BRIEF ::
Retype every line from the one containing "2016 and 2023." through the last line of the records below, both included; leave out the pictures.
===== SOURCE DATA =====
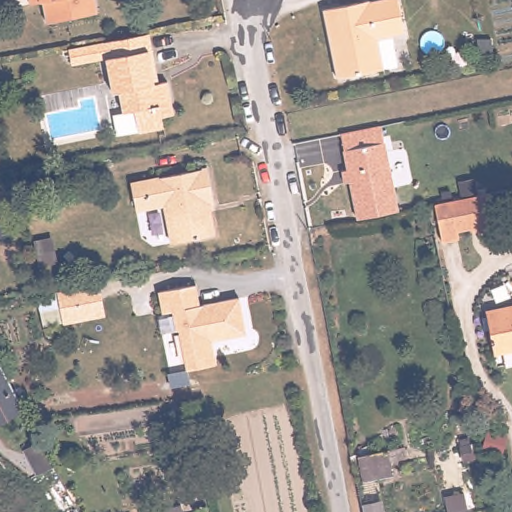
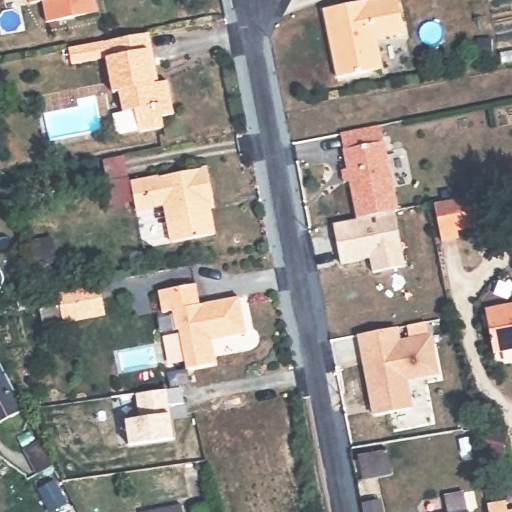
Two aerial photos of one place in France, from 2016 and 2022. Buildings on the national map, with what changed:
unchanged [(92,7),(53,14),(49,0),(91,0),(92,7)]
unchanged [(411,26),(380,31),(384,61),(340,69),(327,1),(333,0),(405,0),(411,26)]
unchanged [(161,77),(171,76),(177,107),(165,111),(166,122),(142,127),(137,104),(127,106),(122,87),(116,88),(110,56),(76,62),(74,45),(152,30),(158,62),(161,77)]
unchanged [(342,171),(349,168),(342,133),(381,126),(398,211),(358,219),(352,182),(345,183),(342,171)]
unchanged [(207,160),(213,191),(209,192),(216,223),(172,232),(163,197),(134,202),(129,177),(207,160)]
unchanged [(482,233),(467,227),(456,230),(457,237),(442,240),(435,204),(488,194),(492,212),(493,215),(482,233)]
new [(372,272),(370,260),(342,264),(333,225),(358,219),(395,211),(407,267),(372,272)]
unchanged [(197,303),(236,295),(244,330),(210,337),(214,362),(185,368),(177,328),(174,329),(171,310),(161,312),(157,291),(192,283),(197,303)]
unchanged [(80,321),(63,324),(57,292),(87,286),(98,284),(102,300),(105,316),(80,321)]
unchanged [(498,353),(491,311),(512,306),(512,350),(498,353)]
new [(407,381),(412,408),(373,417),(358,335),(398,326),(402,338),(434,333),(441,375),(407,381)]
unchanged [(0,363),(25,411),(0,424),(0,363)]
new [(182,386),(185,401),(170,403),(172,415),(176,441),(128,447),(126,419),(140,417),(136,393),(170,388),(167,372),(185,368),(189,382),(182,386)]
unchanged [(39,476),(38,475),(25,450),(41,441),(55,466),(55,467),(39,476)]
unchanged [(392,474),(363,480),(358,456),(386,451),(392,474)]
unchanged [(467,489),(471,507),(473,509),(474,512),(451,512),(447,492),(467,489)]
unchanged [(361,503),(381,499),(383,512),(363,512),(362,506),(361,503)]
new [(488,512),(486,503),(507,499),(510,511),(512,510),(512,512),(488,512)]
unchanged [(75,506),(78,512),(66,512),(75,506)]
unchanged [(187,512),(161,512),(186,507),(187,512)]

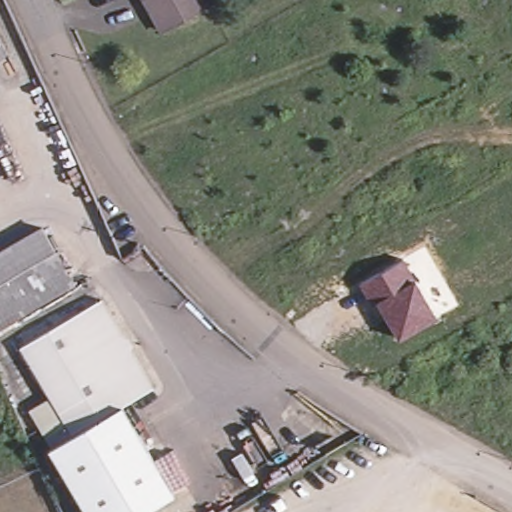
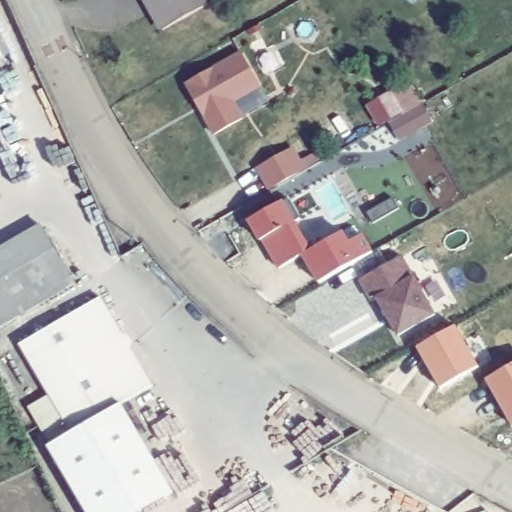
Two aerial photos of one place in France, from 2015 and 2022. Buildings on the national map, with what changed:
unchanged [(204,4),(157,29),(148,12),(142,0),(211,0),(204,4)]
unchanged [(0,55),(0,52),(1,54),(0,55)]
new [(185,93),(240,62),(259,95),(232,110),(242,127),(213,144),(200,121),(197,115),(185,93)]
new [(367,104),(394,90),(399,100),(418,90),(435,122),(400,141),(390,122),(380,127),(367,104)]
new [(257,168),(295,147),(306,170),(269,191),(257,168)]
new [(262,240),(260,241),(249,219),(285,200),(312,248),(345,230),(352,241),(365,235),(374,253),(318,283),(303,256),(278,270),(262,240)]
unchanged [(95,267),(0,324),(0,236),(56,205),(95,267)]
unchanged [(377,300),(372,304),(360,281),(404,256),(416,276),(438,316),(398,338),(377,300)]
unchanged [(45,392),(22,348),(17,340),(100,295),(150,384),(118,402),(67,430),(45,392)]
new [(455,325),(477,366),(439,387),(417,347),(455,325)]
unchanged [(45,392),(27,401),(3,358),(22,348),(45,392)]
new [(512,365),(512,423),(510,424),(486,378),(512,365)]
unchanged [(130,512),(81,512),(44,443),(67,430),(118,402),(167,491),(130,512)]

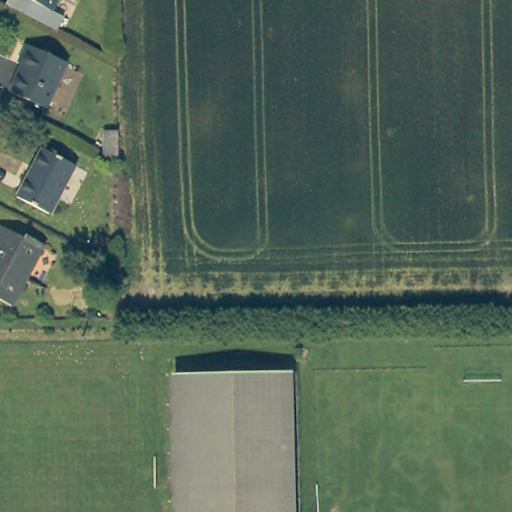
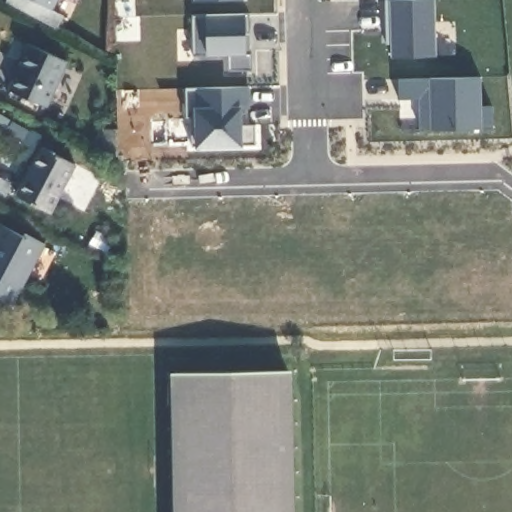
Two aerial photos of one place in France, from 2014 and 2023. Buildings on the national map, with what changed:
unchanged [(49,15),(61,21),(54,34),(35,25),(3,9),(2,9),(7,0),(56,0),(49,15)]
unchanged [(74,4),(68,4),(60,0),(76,0),(74,4)]
new [(245,1),(192,4),(192,0),(245,0),(245,1)]
new [(434,57),(388,58),(387,0),(433,0),(434,57)]
new [(247,56),(248,74),(226,74),(224,56),(205,56),(190,56),(189,15),(207,15),(244,14),(247,56)]
unchanged [(46,111),(10,94),(23,69),(18,65),(27,46),(33,49),(68,65),(46,111)]
new [(480,106),(491,105),(492,129),(419,130),(417,100),(398,100),(397,79),(479,77),(480,106)]
new [(248,125),(254,124),(255,144),(238,145),(195,146),(192,146),(191,116),(187,117),(187,89),(247,87),(248,125)]
unchanged [(118,136),(118,170),(103,161),(104,135),(118,136)]
unchanged [(75,166),(52,215),(17,197),(42,150),(75,166)]
unchanged [(17,234),(37,245),(5,305),(0,303),(0,228),(15,236),(17,234)]
unchanged [(182,512),(178,371),(289,370),(292,512),(182,512)]

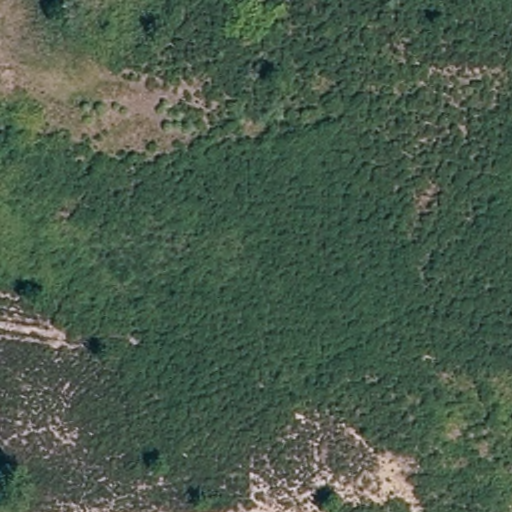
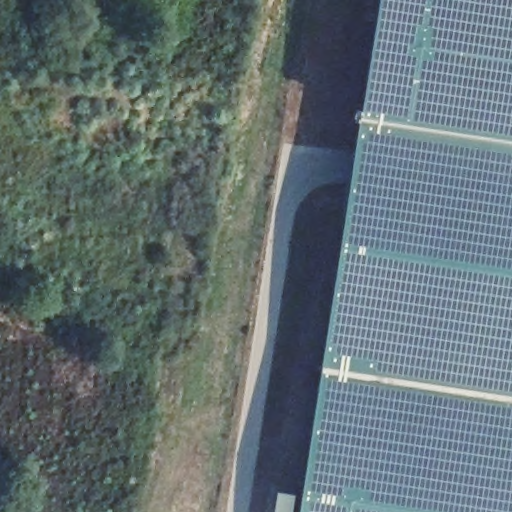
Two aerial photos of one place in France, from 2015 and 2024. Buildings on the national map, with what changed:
new [(360,115),(378,0),(512,0),(512,512),(299,512),(360,115)]
new [(280,489),(296,491),(293,512),(276,512),(280,489)]

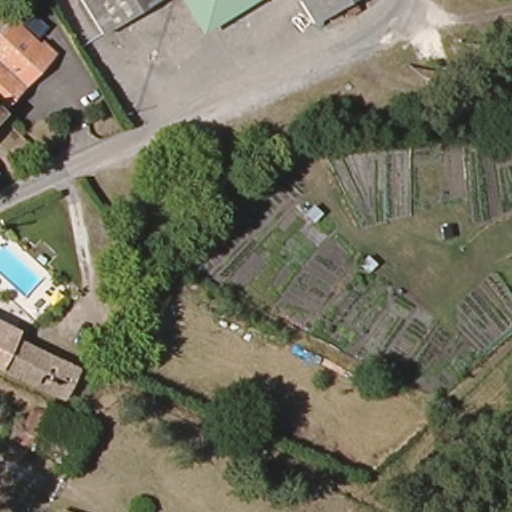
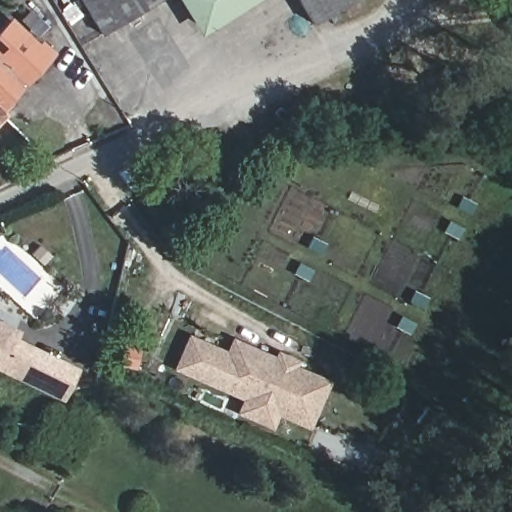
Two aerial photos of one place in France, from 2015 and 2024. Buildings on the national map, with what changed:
unchanged [(98,35),(78,0),(158,0),(98,35)]
unchanged [(196,32),(177,0),(249,0),(196,32)]
unchanged [(309,34),(291,0),(370,0),(309,34)]
unchanged [(14,25),(53,61),(0,116),(0,40),(14,25)]
unchanged [(70,368),(56,400),(0,370),(0,332),(70,368)]
new [(330,380),(309,429),(277,416),(272,428),(236,413),(241,400),(172,370),(187,333),(224,351),(231,337),(273,355),(275,350),(298,361),(297,366),(330,380)]
unchanged [(78,437),(65,467),(30,453),(42,425),(78,437)]

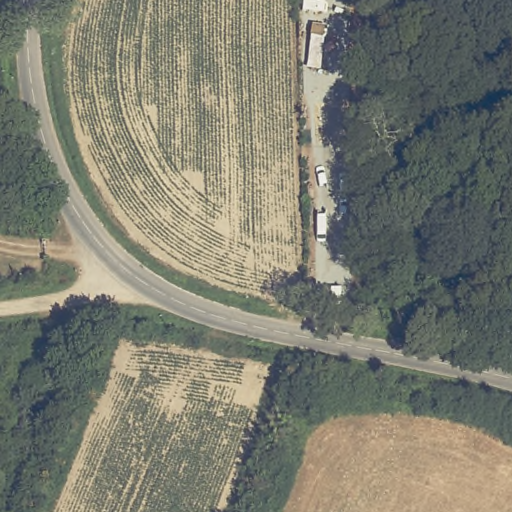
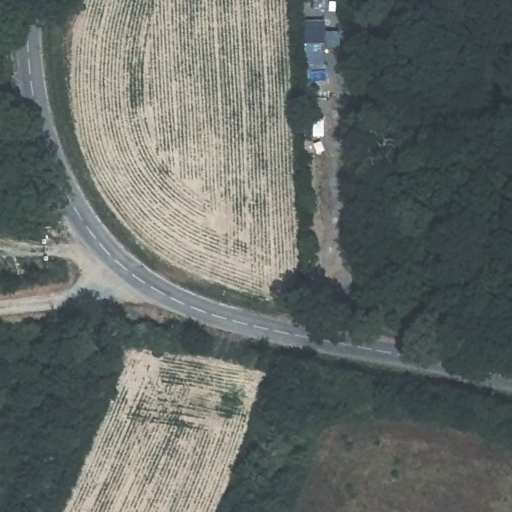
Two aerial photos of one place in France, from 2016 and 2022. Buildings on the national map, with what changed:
unchanged [(303,63),(305,42),(323,43),(320,64),(303,63)]

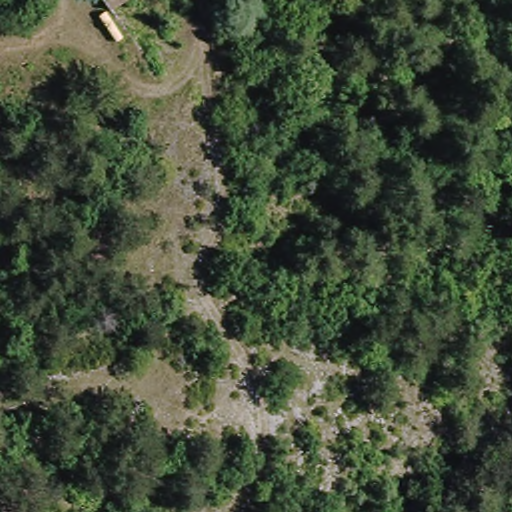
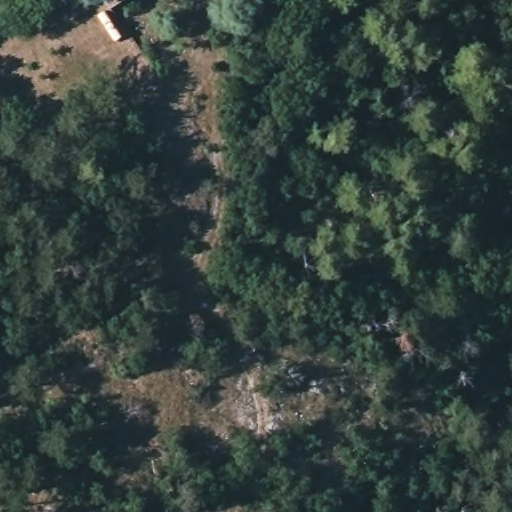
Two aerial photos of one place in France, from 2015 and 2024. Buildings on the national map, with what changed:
unchanged [(118,48),(99,19),(106,14),(96,0),(130,0),(114,12),(130,37),(118,48)]

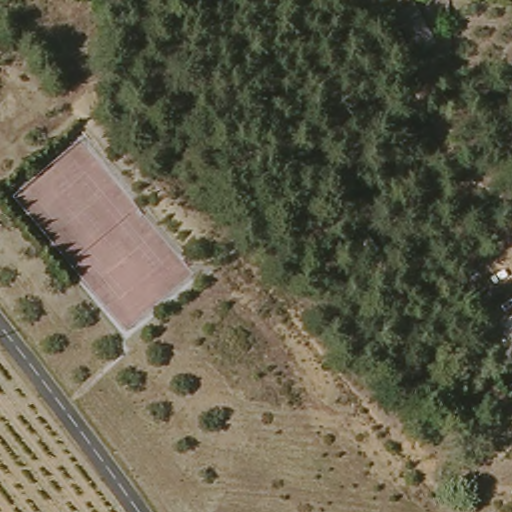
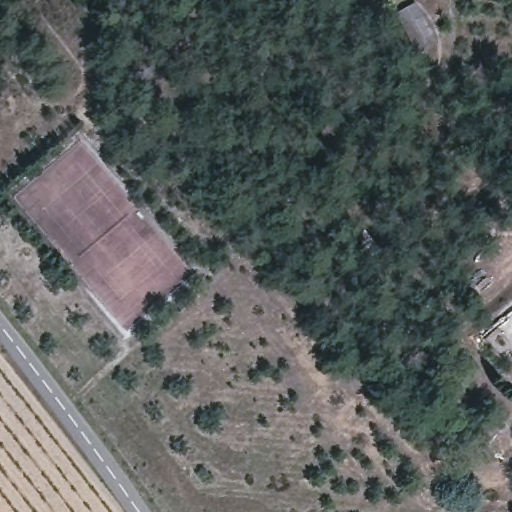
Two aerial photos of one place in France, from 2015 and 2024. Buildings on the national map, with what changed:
unchanged [(420,56),(395,10),(414,2),(440,46),(420,56)]

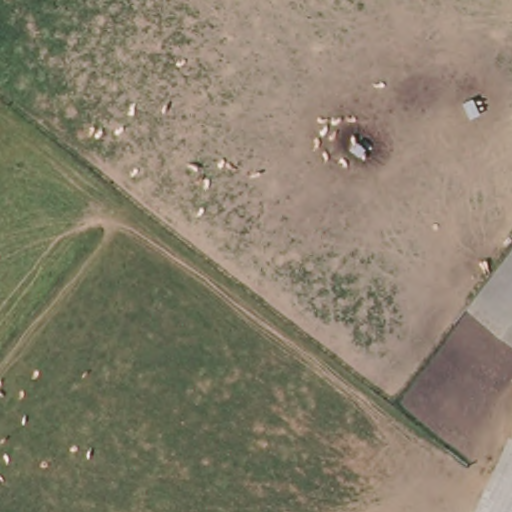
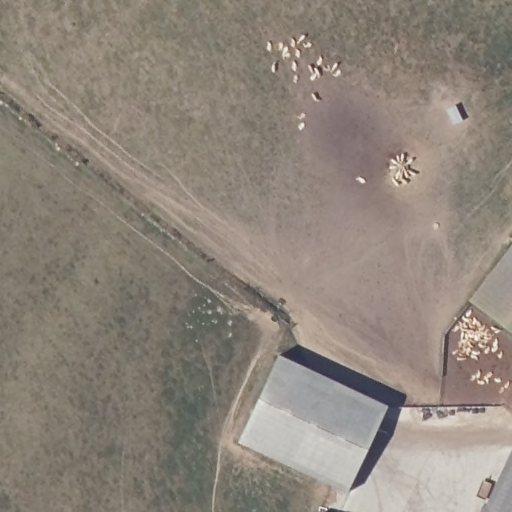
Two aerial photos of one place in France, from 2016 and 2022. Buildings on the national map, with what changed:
unchanged [(471,310),(512,254),(512,341),(471,310)]
new [(279,355),(388,406),(348,492),(239,441),(279,355)]
unchanged [(506,448),(512,451),(512,512),(476,512),(506,448)]

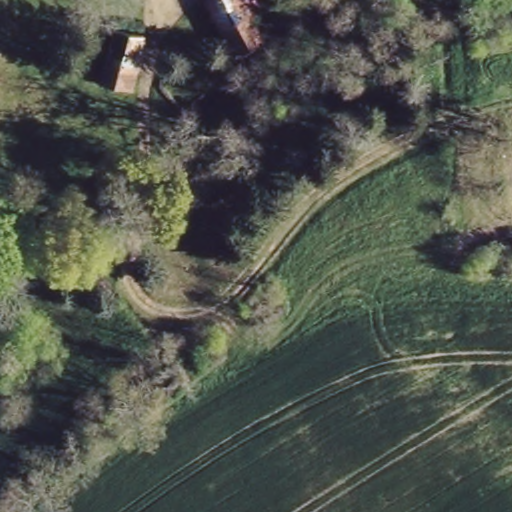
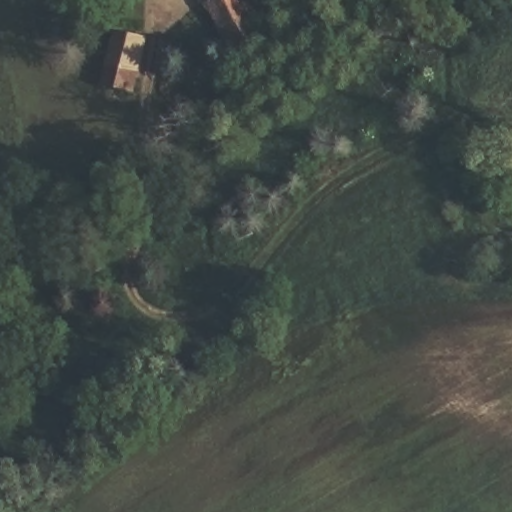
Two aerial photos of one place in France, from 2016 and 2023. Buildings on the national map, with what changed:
unchanged [(203,0),(268,0),(273,9),(251,20),(254,27),(263,49),(233,61),(221,40),(203,0)]
unchanged [(138,36),(125,91),(95,84),(108,30),(138,36)]

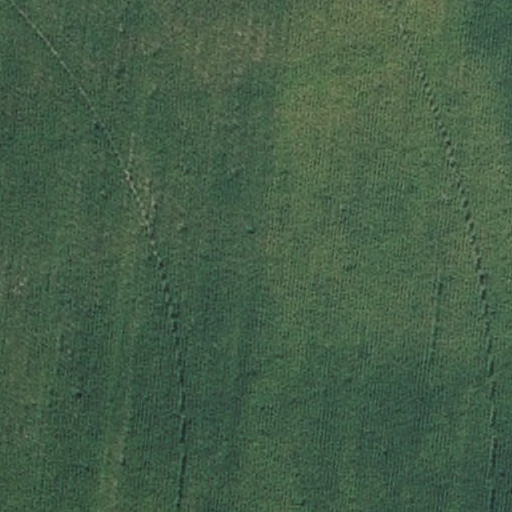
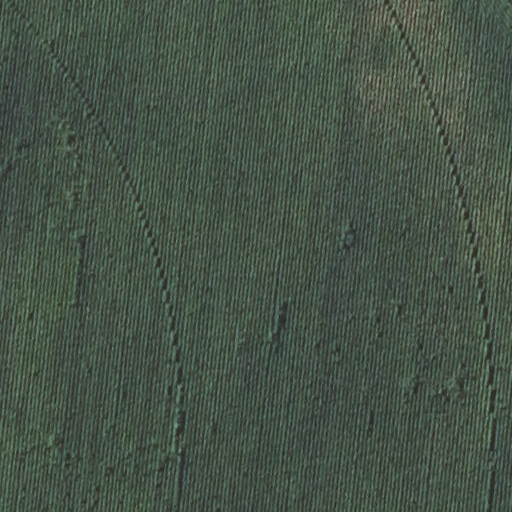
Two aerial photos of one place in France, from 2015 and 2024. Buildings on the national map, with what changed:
[]

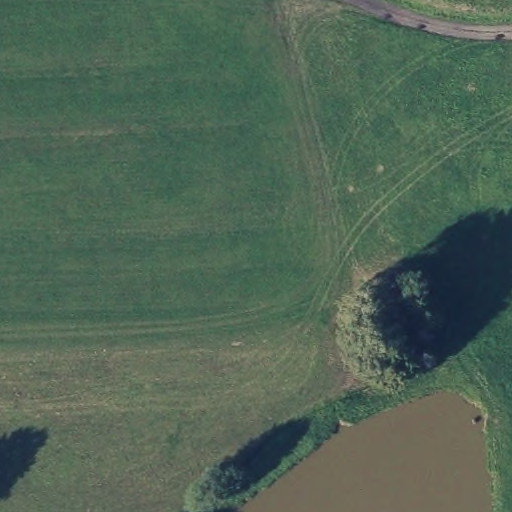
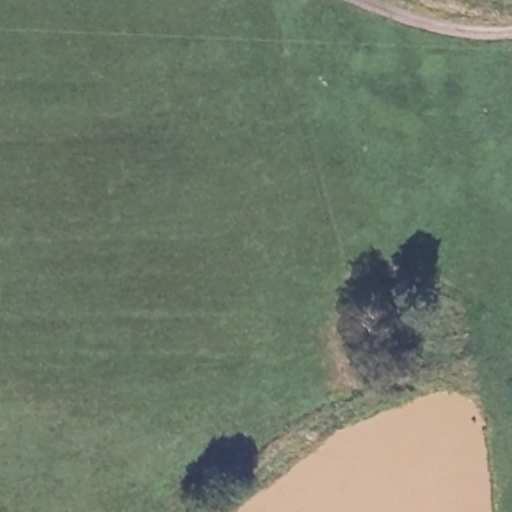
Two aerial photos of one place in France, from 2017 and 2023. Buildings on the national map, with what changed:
=====
RESPONSE TO THIS EXERCISE ::
Two aerial photos of one place in France, from 2016 and 2023. Buildings on the national map, with what changed:
unchanged [(203,0),(268,0),(273,9),(251,20),(254,27),(263,49),(233,61),(221,40),(203,0)]
unchanged [(138,36),(125,91),(95,84),(108,30),(138,36)]

Two aerial photos of one place in France, from 2015 and 2024. Buildings on the national map, with what changed:
[]

Two aerial photos of one place in France, from 2017 and 2023. Buildings on the national map, with what changed:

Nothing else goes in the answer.